June 16, 2003 2:13 PM PDT
XML and Unicode: Mix with care
Dealing with XML
Published by the Unicode Consortium, Unicode is a standard character set for computers that aims to assign a number for every character in every written language. XML (Extensible Markup Language), a World Wide Web Consortium (W3C) recommendation for marking up digital documents and creating new markup languages for specific tasks or industries, relies on Unicode and closely tracks its revisions.
But a technical report released by the Unicode Consortium--and simultaneously published as a note by the W3C's internationalization activity--warns document authors that some Unicode features are going to cause XML applications, HTML browsers, and other programs to choke.
Conflict arises between Unicode and Web markup languages from the fundamentally different philosophies that underlie the character set and Web standards. While Unicode produces a one-for-one, linear correspondence for every character on the page, XML and its Web-based relatives are more flexible in that they let authors assign different style and functional attributes to a single character, word or page.
For example, Unicode provides what's called "compatibility characters," separate numbers to designate superscript or subscript numerals or letters.
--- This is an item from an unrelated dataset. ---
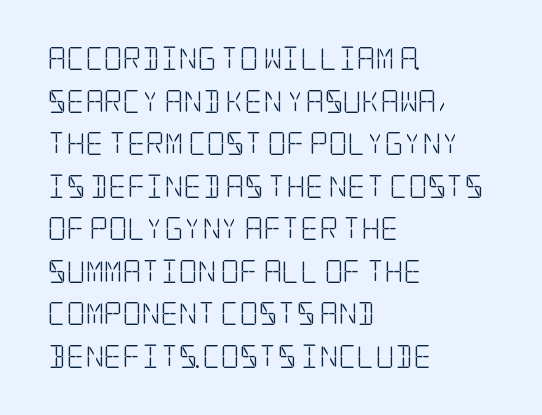
The image shows 23 px text type, upright; set left-aligned, line spacing 1.85x, normal letter spacing, not underlined.
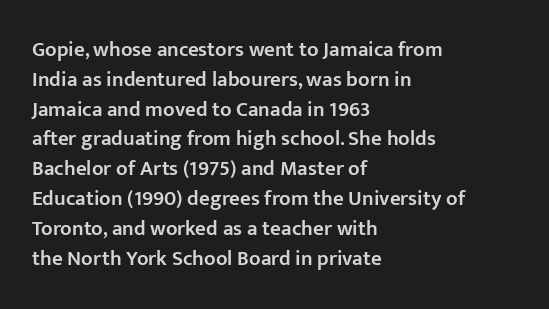
Every row of glyphs begins at an identical x-position on the left. Underlining? Definitely not there. What's the leading like? Ordinary, nothing unusual. The tracking reads as untouched default to a designer's eye. A fair bit of extra ink — the face is semibold, not bold.

With HTML or XML, by contrast, the author would use the basic character and then style it as superscript or subscript.
All things being equal, the W3C advises authors to use the markup alternatives.
Compatibility characters are "just not the long-term, sound way to do things," said Martin Duerst, the W3C's internationalization activity lead and a visiting scientist at the Massachusetts Institute of Technology's Laboratory for Computer Science. "We're urging authors to use Unicode in a responsible and adequate way when it's used with XML."
Many times, authors know that their Unicode is destined to be read by Web browsers and other XML applications. But some of the conflicts crop up as a surprise when XML applications are fed information from older databases and information repositories.
That's when applications that are designed for markup languages start stuttering on characters that designate things like vertical tabulators, tab feeds and other controls.
"In the report we go through a lot of different kinds of characters that, in one way or another, may make sense in a legacy system or in plain text, but once you have markup at your disposition, you can use structure," Duerst said. "You want to use structure instead of a character, a number. If you're using XML, use what XML makes available. Control character stuff really doesn't work."
The fourth version of Unicode will be out in book form later this year. Prepublication versions of Unicode 4.0 are available online now.